Here are my contact details, as above, expressed using this format:

<p class="vcard">

<div class="fn">
<span class="given-name">Nick</span>
<span class="family-name">Nettleton</span>
Nettleton
</div>

<div class="adr">
<span class="type">Work</span>
<span class="street-address">20 Crescent Lane</span>,
<span class="locality">BATH</span>
<span class="postal-code">BA1 2PX</span>,
<span class="country-name">UK</span>
</div>

<div class="tel">
<span class="type">Work</span>
<span class="value">+44 (0)1225 358 346</a>
</div>

<a class="email" href="mailto:nospam@example.com">nospam@example.com</a>
</p>

This is an extremely appealing idea. If the web designer sets up the appropriate stylesheet rules for the classes, the information will appear in browsers exactly as the example at the beginning of this article. Meanwhile, readers that need to know more can inspect the code. Web browsers understanding this information can, for example, automatically insert an 'Add to address book' or 'Call with Skype' button beside the address, and be certain of using the right details in the right way.

It's not a completely new idea: web designers have been given things semantic - or at least meaningful - class names for years. JavaScript developers have been using class names not to define style, but to identify groups of elements that they want to apply dynamic behaviours to. Which helps to make the microformat even more appealing - it's something we're already familiar with.

What is new is to promote it as a standard, which makes it far more valuable than an ad-hoc habit or convention, subject to local variations.

hCard is just one of a number of such microformats, a some of them using classes in this way. Others, such as XFN for attaching personal relationship information to hyperlinks, use the HTML rel attribute; and others use plain HTML.

There are at least two underlying drawbacks with this approach, which I will look at in further posts, since I have written enough for now.

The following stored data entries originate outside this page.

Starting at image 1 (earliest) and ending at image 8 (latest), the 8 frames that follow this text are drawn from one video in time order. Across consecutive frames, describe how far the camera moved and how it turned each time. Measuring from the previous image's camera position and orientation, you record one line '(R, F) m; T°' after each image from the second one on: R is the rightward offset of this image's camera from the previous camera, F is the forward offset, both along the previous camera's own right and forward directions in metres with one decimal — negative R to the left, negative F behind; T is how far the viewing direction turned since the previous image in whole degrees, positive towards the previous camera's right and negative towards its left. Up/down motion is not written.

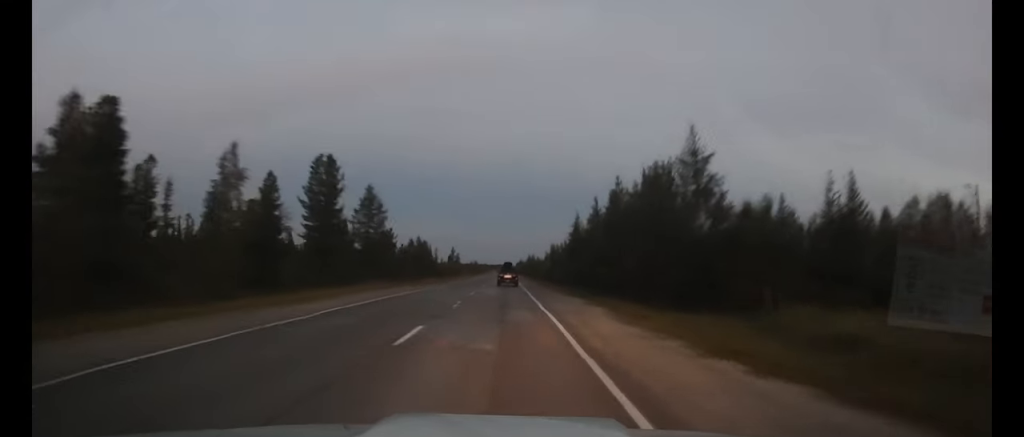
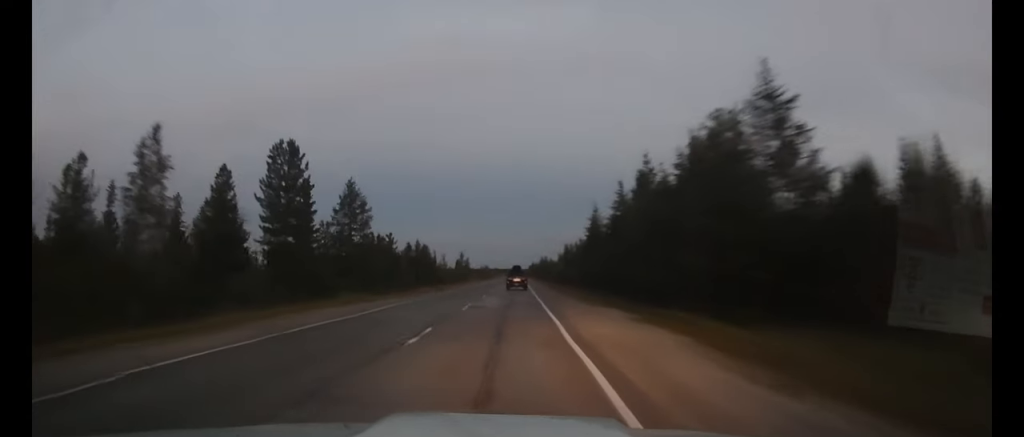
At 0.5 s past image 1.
(+0.1, +9.9) m; 0°
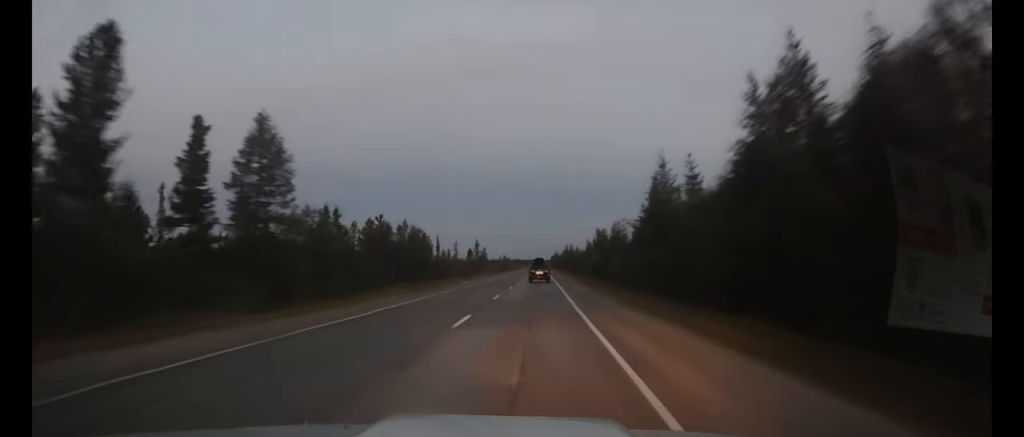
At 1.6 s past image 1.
(0.0, +23.1) m; -1°
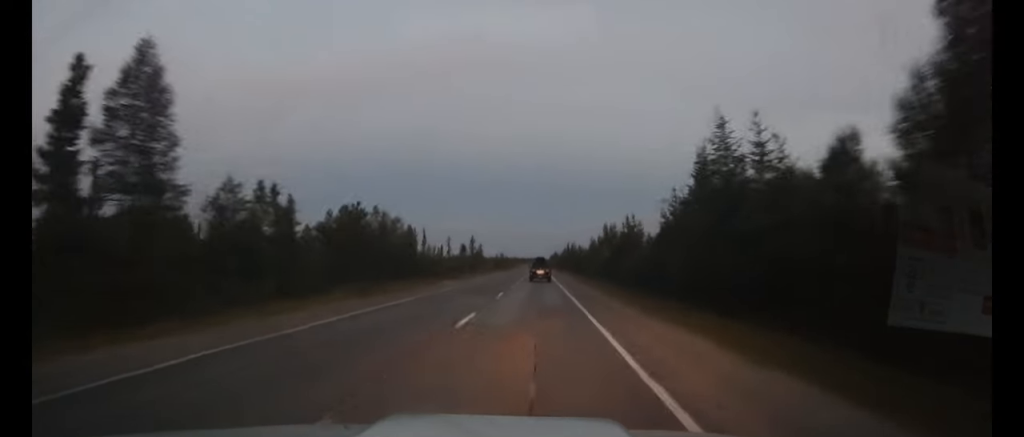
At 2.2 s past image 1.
(-0.1, +12.5) m; -1°
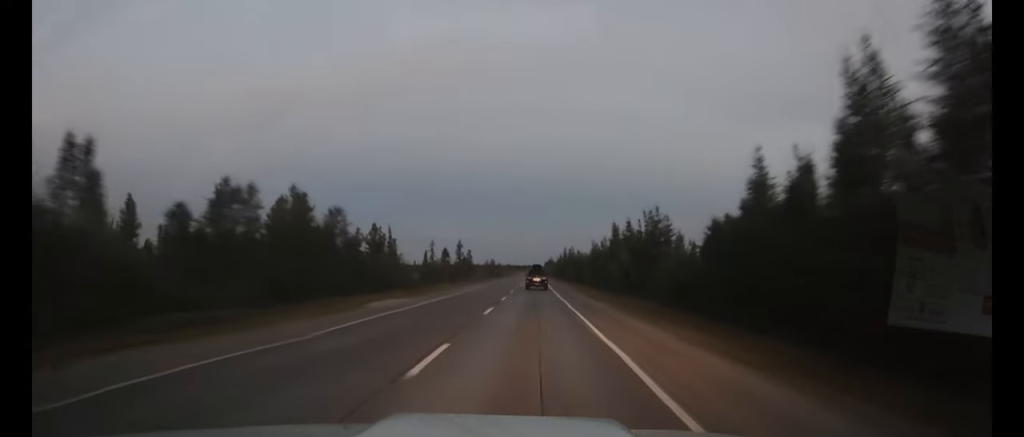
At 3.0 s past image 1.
(-0.2, +18.0) m; 0°
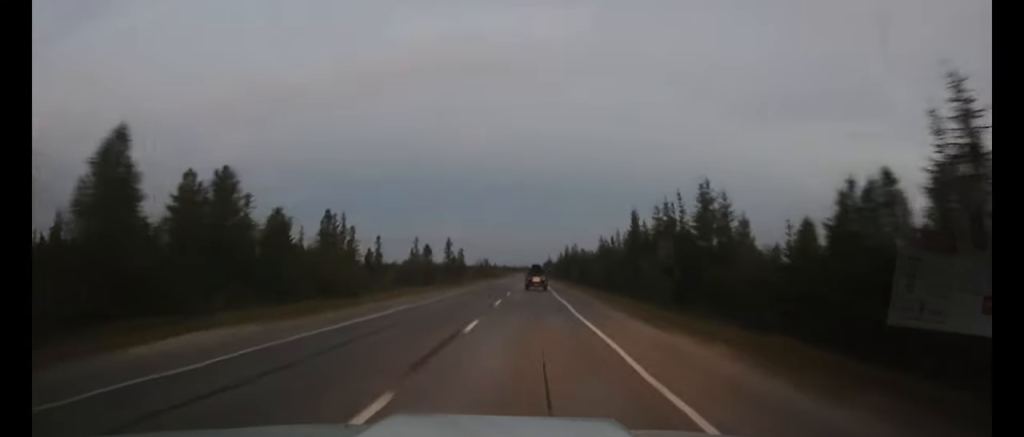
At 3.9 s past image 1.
(+0.1, +17.3) m; 0°
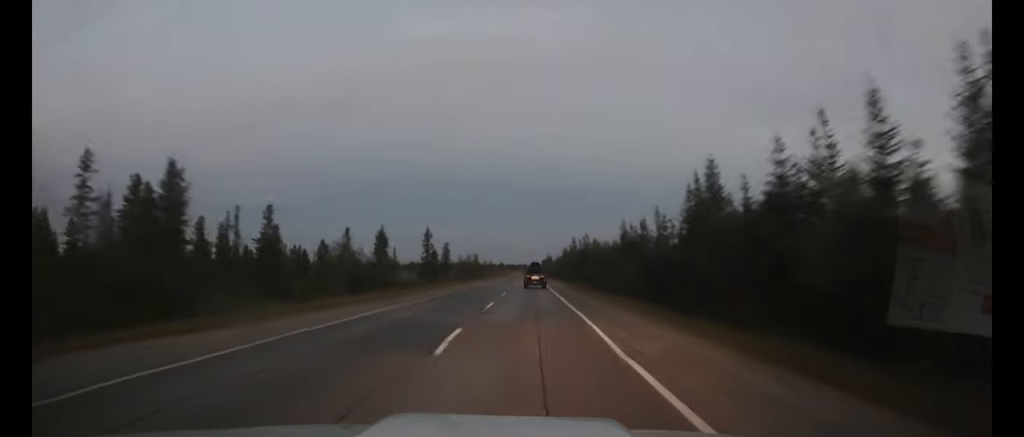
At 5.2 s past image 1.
(+0.1, +28.0) m; 0°
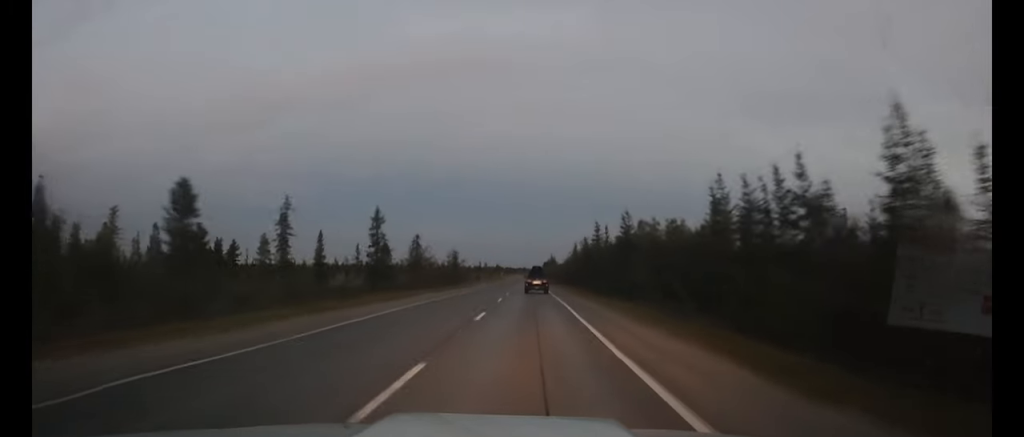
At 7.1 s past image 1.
(0.0, +40.0) m; 0°
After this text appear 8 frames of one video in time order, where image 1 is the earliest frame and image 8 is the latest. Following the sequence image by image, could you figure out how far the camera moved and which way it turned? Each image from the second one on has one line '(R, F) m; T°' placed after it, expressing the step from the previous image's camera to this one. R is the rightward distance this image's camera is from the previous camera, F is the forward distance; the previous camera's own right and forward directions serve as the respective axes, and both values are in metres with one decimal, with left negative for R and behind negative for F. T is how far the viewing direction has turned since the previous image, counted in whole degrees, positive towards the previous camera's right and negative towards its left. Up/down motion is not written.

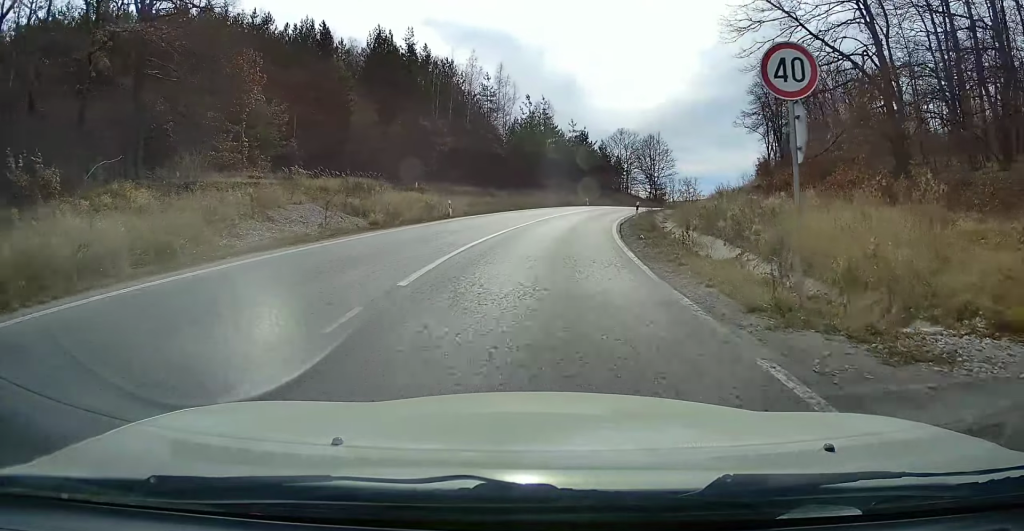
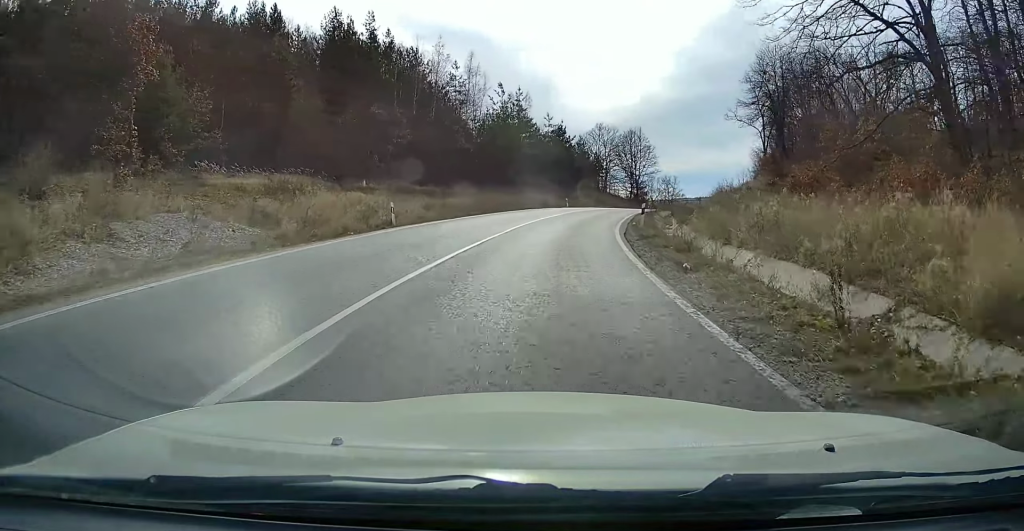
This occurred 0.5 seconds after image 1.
(+0.1, +8.0) m; +2°
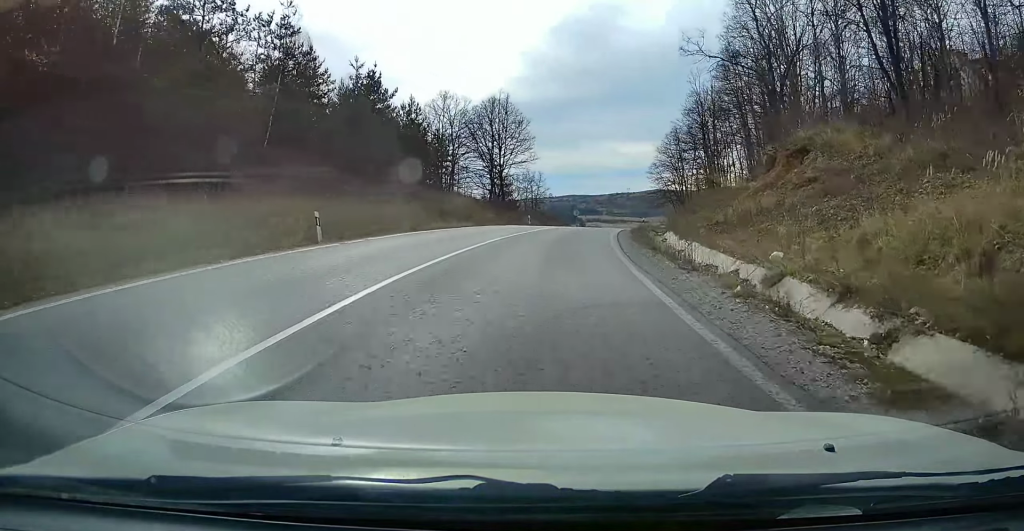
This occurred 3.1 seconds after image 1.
(+4.4, +40.4) m; +12°
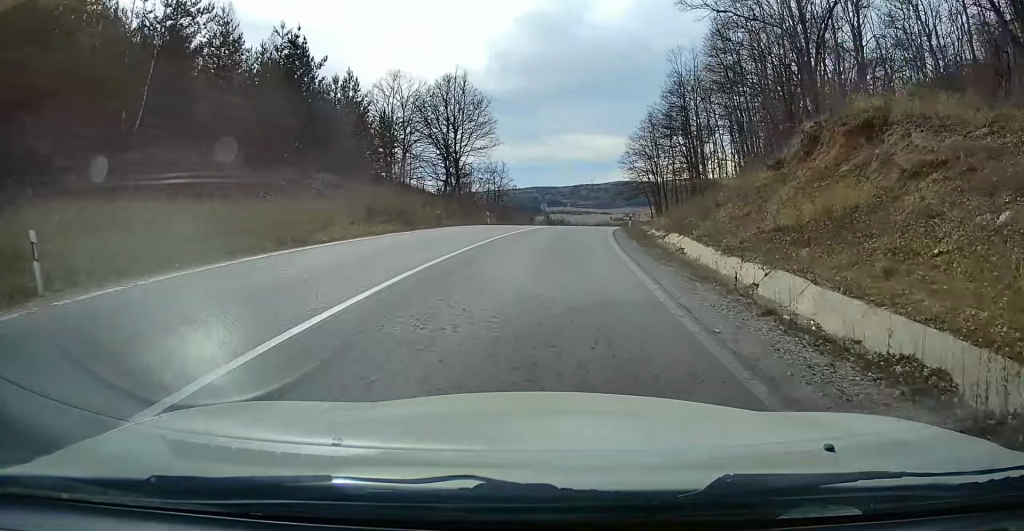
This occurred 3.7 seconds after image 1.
(+0.2, +10.1) m; +2°
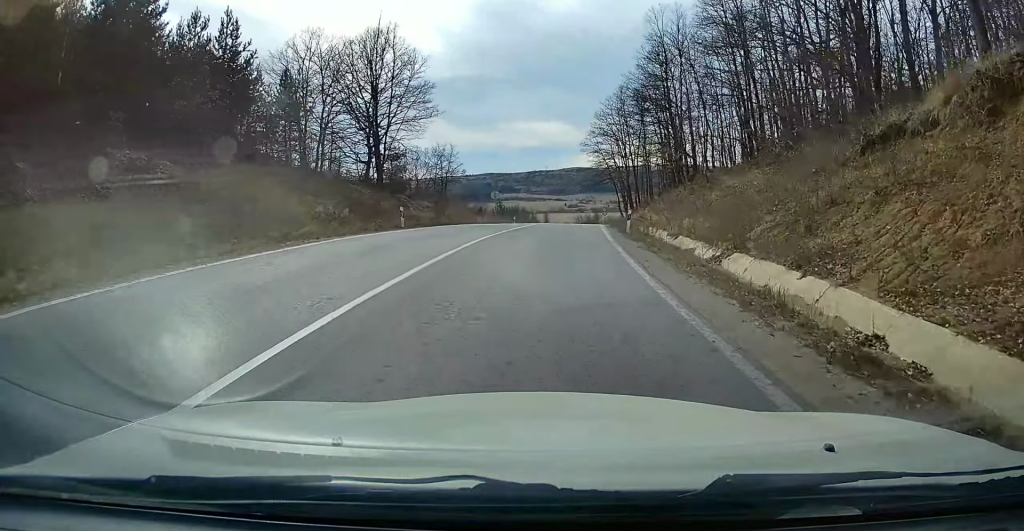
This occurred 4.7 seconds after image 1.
(+0.3, +15.1) m; +4°
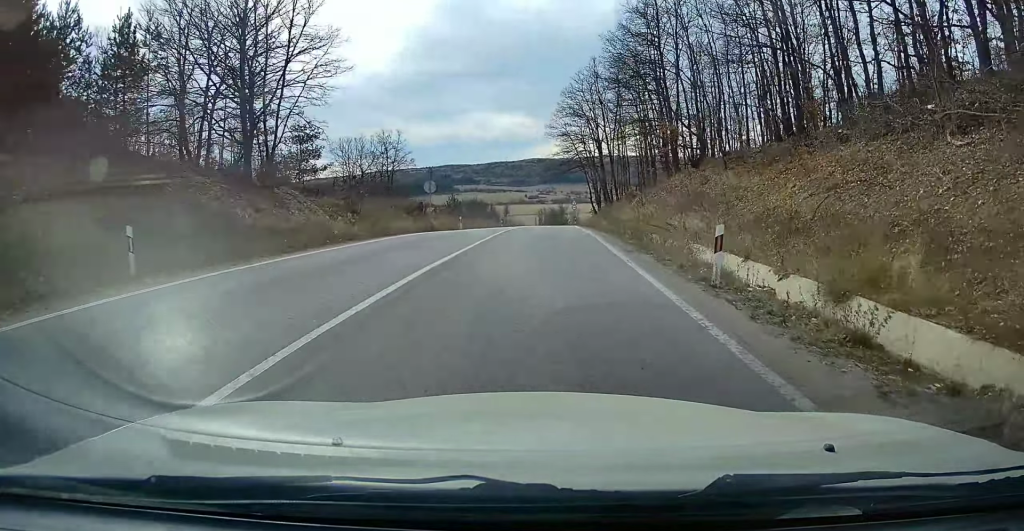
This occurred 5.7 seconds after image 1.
(+0.8, +16.0) m; +4°
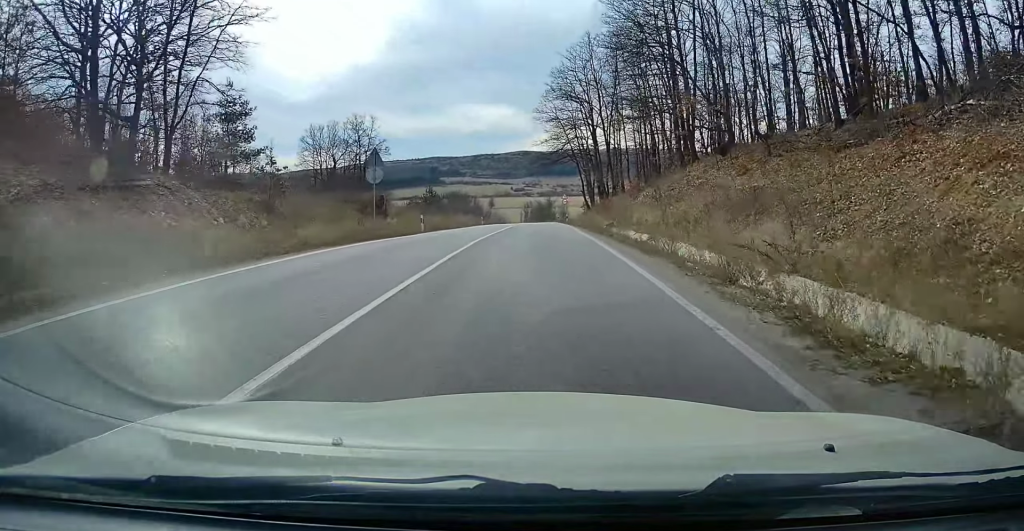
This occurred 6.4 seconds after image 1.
(+0.1, +10.3) m; +1°
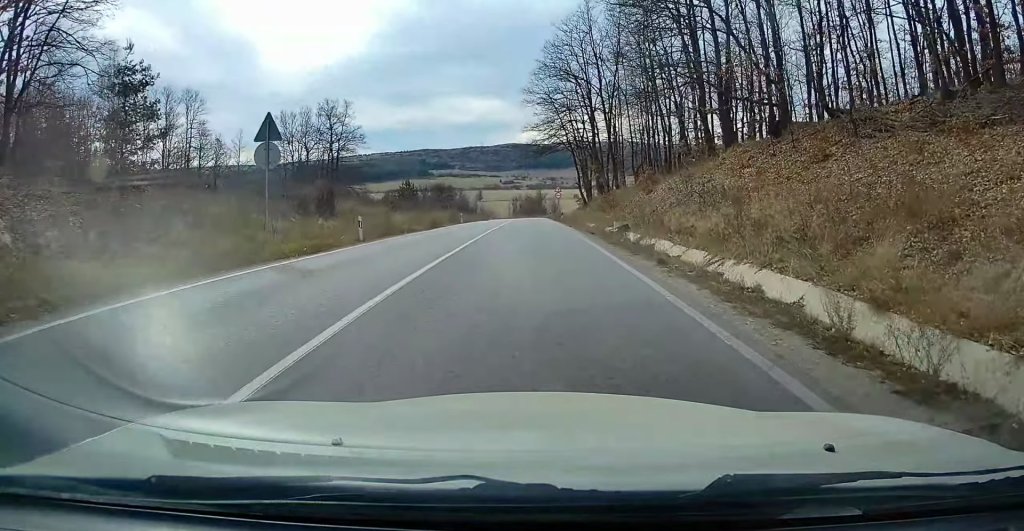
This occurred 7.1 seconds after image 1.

For more and follow up, see www.microformats.org.

Comments

Scott Reynen 17/07/2006 21:24 - Visit »

"web designers have been given things semantic - or at least meaningful - class names for years. JavaScript developers have been using class names not to define style, but to identify groups of elements that they want to apply dynamic behaviours to."

Knowing all of this, why do you continue to refer to "CSS class names"? I see Ryan King already pointed out in the comments to your previous microformats article that "they're really HTML class names, not CSS classnames." It's troubling to see an otherwise informative article perpetuate this common misunderstanding.

Eivind Lie Nitter 17/07/2006 22:20 - Visit »

Thanks for a good, simple and informative article! I've been wanting to understand microformats for a while, but haven't bothered to dig too much through microformats.org. But it seems like real useful stuff!

Nick Nettleton 18/07/2006 10:19

Thanks Eivind.

Scott, this article was written before the other. It is a fair point if minor point, and I have updated the article accordingly.

Gayle 18/07/2006 18:12 - Visit »

Holy cow, THANK YOU. It makes SENSE now.

Johan Coppieters 19/07/2006 10:23 - Visit »

I agree it would be nice to have custom tags like in HTML, so the enclosed text would have a meaning and we could give it a layout with stylesheets. But if you think about it: XML is all you need.

Data for webpages is quite often stored in SQL databases. If web programmers would generate XML pages from these databases and add XSLT translators to transform these into the HTML layout created by the web designers, we wouldn't need this clever trick.

For those sites that don't have dynamic content, you could keep the webpages in XML format.

Once this accomplished, the only thing to do, is to configure your webserver/application engine, to deliver the XML pages when the client switches from the html, asp, php extention to the xml in the URL.

Sammy Dellicour 23/07/2006 19:45 - Visit »

Thank you for your article, a very good introduction.

I have one worry about microformats: spammers. Once microformats are widespread, aren't we also making it too easy for spammers to get personal information ? Sorry if this might be off topic to your introduction.

Temp 26/07/2006 06:13

Very good job! Thanks! I read a million definitions and still didn't know wtf a microformat was, until I just read your explaination.